LA REBELIÓN que ha estallado en Alcalá de Henares y Torrejón de Ardoz (Madrid), donde una parte significativa de sus 21.000 alumnos, padres y profesores han tomado los colegios y a menudo las calles para exigir la jornada escolar continua (clases sólo de mañana), ha puesto en apuros al Gobierno de Ruiz-Gallardón. Éste se ha visto obligado a salir a la palestra para intentar controlar un fuego cuyas brasas provienen de la irresponsable alegría con la que manejó el asunto la anterior ministra de Educación, Esperanza Aguirre. Al ofrecer hace un año y medio a los sindicatos de profesores la posibilidad del cambio de jornada, la ahora presidenta del Senado se inventó una solución para un problema inexistente.En el manual de instrucciones de cualquier análisis sobre la jornada lectiva hay dos reglas: el cambio es unidireccional, sin camino de regreso (no se conocen tránsitos de la jornada continua a la partida) y es contagioso: allá donde se implanta se expande, con el apoyo de los padres o sin él. A falta de estudios integrales sobre sus efectos, existe un consenso básico sobre algunas cuestiones: la concentración de actividades provoca una caída de rendimiento, los horarios estrechos dificultan la organización escolar, los programas oficiales no incluyen todos los contenidos necesarios; los chicos necesitan los colegios para convivir y no sólo para asistir a clase, y los hijos de familias desestructuradas o desfavorecidas salen beneficiados de la mera permanencia en el centro.

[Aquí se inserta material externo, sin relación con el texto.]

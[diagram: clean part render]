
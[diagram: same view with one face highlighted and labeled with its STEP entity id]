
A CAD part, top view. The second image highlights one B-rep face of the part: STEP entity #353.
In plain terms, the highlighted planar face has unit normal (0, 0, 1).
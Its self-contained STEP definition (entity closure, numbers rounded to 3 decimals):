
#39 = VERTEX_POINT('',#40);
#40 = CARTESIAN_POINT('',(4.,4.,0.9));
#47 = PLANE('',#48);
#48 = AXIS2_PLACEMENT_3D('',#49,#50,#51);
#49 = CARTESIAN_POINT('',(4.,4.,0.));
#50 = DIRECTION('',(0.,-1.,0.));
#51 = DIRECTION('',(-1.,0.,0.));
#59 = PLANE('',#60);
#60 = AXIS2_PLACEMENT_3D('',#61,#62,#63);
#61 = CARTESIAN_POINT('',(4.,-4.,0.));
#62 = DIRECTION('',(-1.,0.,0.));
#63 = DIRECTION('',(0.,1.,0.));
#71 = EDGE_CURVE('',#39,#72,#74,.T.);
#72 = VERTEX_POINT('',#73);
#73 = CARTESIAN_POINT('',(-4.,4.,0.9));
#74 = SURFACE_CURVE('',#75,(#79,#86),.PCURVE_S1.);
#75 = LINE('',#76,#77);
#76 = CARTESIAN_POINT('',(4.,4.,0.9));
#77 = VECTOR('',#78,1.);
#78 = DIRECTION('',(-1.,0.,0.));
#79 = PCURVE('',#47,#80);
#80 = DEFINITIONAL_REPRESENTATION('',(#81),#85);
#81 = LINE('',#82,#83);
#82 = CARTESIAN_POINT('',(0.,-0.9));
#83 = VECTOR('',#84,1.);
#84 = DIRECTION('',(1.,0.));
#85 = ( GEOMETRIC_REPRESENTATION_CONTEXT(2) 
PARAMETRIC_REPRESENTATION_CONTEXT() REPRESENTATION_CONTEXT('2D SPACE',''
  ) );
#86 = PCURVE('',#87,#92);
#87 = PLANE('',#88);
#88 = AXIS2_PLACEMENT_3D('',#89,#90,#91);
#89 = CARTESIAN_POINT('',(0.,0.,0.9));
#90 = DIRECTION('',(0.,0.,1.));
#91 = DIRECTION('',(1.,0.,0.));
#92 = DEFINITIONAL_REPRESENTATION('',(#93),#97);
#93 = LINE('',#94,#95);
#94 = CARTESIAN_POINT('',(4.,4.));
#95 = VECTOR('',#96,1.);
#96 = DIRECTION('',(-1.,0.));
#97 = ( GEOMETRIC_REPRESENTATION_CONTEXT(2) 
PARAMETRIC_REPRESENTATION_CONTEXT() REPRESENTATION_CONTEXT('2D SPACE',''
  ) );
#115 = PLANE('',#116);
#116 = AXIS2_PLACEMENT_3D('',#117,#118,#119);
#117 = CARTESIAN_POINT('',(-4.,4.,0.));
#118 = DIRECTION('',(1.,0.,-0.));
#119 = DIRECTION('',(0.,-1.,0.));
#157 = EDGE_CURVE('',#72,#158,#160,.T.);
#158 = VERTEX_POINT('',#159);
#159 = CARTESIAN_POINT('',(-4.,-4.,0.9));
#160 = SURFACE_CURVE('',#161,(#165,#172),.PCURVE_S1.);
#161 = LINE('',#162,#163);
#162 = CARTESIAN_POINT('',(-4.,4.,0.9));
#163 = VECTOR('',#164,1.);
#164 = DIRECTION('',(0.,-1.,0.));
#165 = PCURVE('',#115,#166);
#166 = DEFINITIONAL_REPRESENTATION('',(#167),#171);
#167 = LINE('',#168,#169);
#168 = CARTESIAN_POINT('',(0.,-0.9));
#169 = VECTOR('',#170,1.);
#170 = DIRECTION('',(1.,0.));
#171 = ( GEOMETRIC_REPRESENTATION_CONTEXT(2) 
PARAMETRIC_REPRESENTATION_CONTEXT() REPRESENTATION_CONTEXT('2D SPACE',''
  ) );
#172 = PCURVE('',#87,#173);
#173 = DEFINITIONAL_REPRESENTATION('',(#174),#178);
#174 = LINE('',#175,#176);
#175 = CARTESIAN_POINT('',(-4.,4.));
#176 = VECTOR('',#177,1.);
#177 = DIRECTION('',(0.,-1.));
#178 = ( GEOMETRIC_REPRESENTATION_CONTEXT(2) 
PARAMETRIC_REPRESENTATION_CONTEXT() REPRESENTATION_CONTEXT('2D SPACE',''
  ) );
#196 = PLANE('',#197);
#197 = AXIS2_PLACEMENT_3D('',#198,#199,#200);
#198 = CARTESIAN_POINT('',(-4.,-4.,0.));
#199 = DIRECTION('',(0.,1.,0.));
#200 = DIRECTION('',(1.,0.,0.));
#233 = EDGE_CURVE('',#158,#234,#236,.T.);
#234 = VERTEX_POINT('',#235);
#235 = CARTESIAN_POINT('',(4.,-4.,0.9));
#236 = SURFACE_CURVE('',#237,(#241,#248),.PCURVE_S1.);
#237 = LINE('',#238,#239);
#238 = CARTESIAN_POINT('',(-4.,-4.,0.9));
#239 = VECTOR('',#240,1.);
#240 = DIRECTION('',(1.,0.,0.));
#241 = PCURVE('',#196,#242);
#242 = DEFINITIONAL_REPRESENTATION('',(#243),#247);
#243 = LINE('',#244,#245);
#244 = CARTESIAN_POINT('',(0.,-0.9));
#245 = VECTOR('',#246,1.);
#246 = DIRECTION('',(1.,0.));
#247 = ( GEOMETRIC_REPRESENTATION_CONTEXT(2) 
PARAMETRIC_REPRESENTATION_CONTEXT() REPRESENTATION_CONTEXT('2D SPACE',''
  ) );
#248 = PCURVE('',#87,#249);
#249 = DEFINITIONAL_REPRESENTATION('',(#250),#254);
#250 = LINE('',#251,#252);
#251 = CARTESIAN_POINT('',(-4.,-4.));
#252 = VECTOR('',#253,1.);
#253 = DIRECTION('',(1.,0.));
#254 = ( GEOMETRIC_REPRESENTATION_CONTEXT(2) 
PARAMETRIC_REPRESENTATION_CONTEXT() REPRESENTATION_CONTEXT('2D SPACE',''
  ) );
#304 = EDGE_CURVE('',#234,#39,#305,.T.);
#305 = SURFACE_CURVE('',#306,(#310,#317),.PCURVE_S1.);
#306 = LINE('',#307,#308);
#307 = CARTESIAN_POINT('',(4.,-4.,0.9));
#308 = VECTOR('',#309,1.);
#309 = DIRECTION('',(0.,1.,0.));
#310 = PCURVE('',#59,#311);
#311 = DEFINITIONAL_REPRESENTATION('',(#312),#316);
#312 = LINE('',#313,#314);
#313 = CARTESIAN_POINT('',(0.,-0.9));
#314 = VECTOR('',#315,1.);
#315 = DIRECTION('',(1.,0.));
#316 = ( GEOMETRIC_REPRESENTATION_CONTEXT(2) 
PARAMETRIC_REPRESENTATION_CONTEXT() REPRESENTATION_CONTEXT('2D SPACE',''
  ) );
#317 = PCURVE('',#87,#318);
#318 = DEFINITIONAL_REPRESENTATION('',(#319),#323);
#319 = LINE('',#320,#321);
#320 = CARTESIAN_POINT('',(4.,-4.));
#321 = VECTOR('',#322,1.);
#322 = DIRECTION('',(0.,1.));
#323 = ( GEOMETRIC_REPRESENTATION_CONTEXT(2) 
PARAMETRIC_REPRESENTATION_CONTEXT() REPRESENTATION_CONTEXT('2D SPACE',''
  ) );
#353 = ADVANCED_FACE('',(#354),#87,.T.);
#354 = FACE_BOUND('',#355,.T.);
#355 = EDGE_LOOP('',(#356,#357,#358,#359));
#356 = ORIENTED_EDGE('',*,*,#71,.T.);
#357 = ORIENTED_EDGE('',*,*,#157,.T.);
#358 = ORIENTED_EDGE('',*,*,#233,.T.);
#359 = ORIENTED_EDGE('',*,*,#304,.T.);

Mientras las administraciones se aplican a estudiar el asunto, como deberían haber hecho hace tiempo, conviene huir de planteamientos angelicales y remitir tan complejo debate a las condiciones reales de la educación en España, caracterizada por unos centros públicos con horarios demasiado ajustados y que tienden a ofrecer menos servicio social, y unos centros privados con amplios horarios y largas listas de actividades complementarias. Sin caer en dogmas ni profecías ideológicas, el panorama no permite ser optimista sobre los efectos de la jornada continua, aparte de la mejora de la calidad de vida de los profesores (bien deseable, pero no a toda costa) y de aquellos padres y madres que así evitarían cuatro viajes al colegio. La enseñanza pública no se beneficiaría gran cosa.

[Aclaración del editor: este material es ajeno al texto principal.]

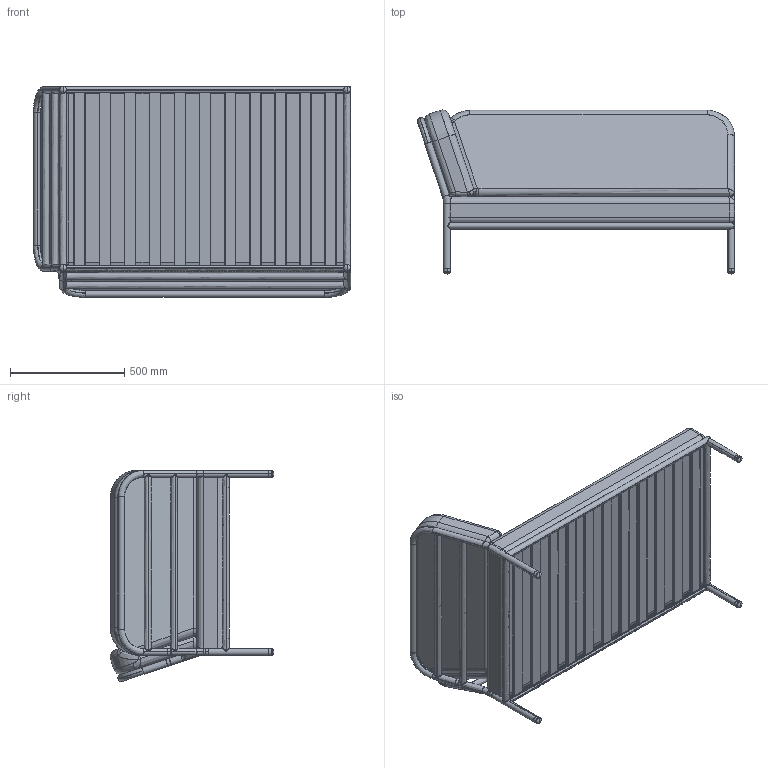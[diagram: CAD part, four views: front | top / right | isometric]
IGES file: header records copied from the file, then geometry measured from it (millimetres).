
Start section: SolidWorks IGES file using analytic representation for surfaces
Global section: file name: Level Left Corner.IGS; native system: SolidWorks 2018; preprocessor: SolidWorks 2018; author: Morten; date: 190117.152140; units: millimetre
Bounding box: 1389.63 x 718.1 x 924.63 mm (x, y, z)
Surface area: 8816298.8 mm2 (no closed solid volume)
Topology: 0 solids, 0 shells, 478 faces, 7382 edges, 7355 vertices
Faces by surface type: bspline 275, revolution 203

Los gobernantes harían bien en aprovechar la polémica para plantear una prudente reorganización del horario escolar, en la línea de disociar el horario de los funcionarios docentes del de los alumnos, con la consiguiente dotación de recursos humanos, y de ampliar los horarios de apertura de los colegios como forma de avanzar hacia un servicio social amplio, moderno y satisfactorio para los ciudadanos, empezando por los alumnos. Es la línea avanzada por Joaquín Almunia en su programa electoral, y que las comunidades autónomas gobernadas por los socialistas no han puesto en práctica. En todo caso, los gobernantes deberían tentarse la ropa antes de empujar al sistema educativo hacia un modelo de jornada continua que, sin las garantías suficientes, como es el caso, puede acabar con los chicos solos en casa, tumbados en el sofá y viendo telenovelas. Y eso no es educación.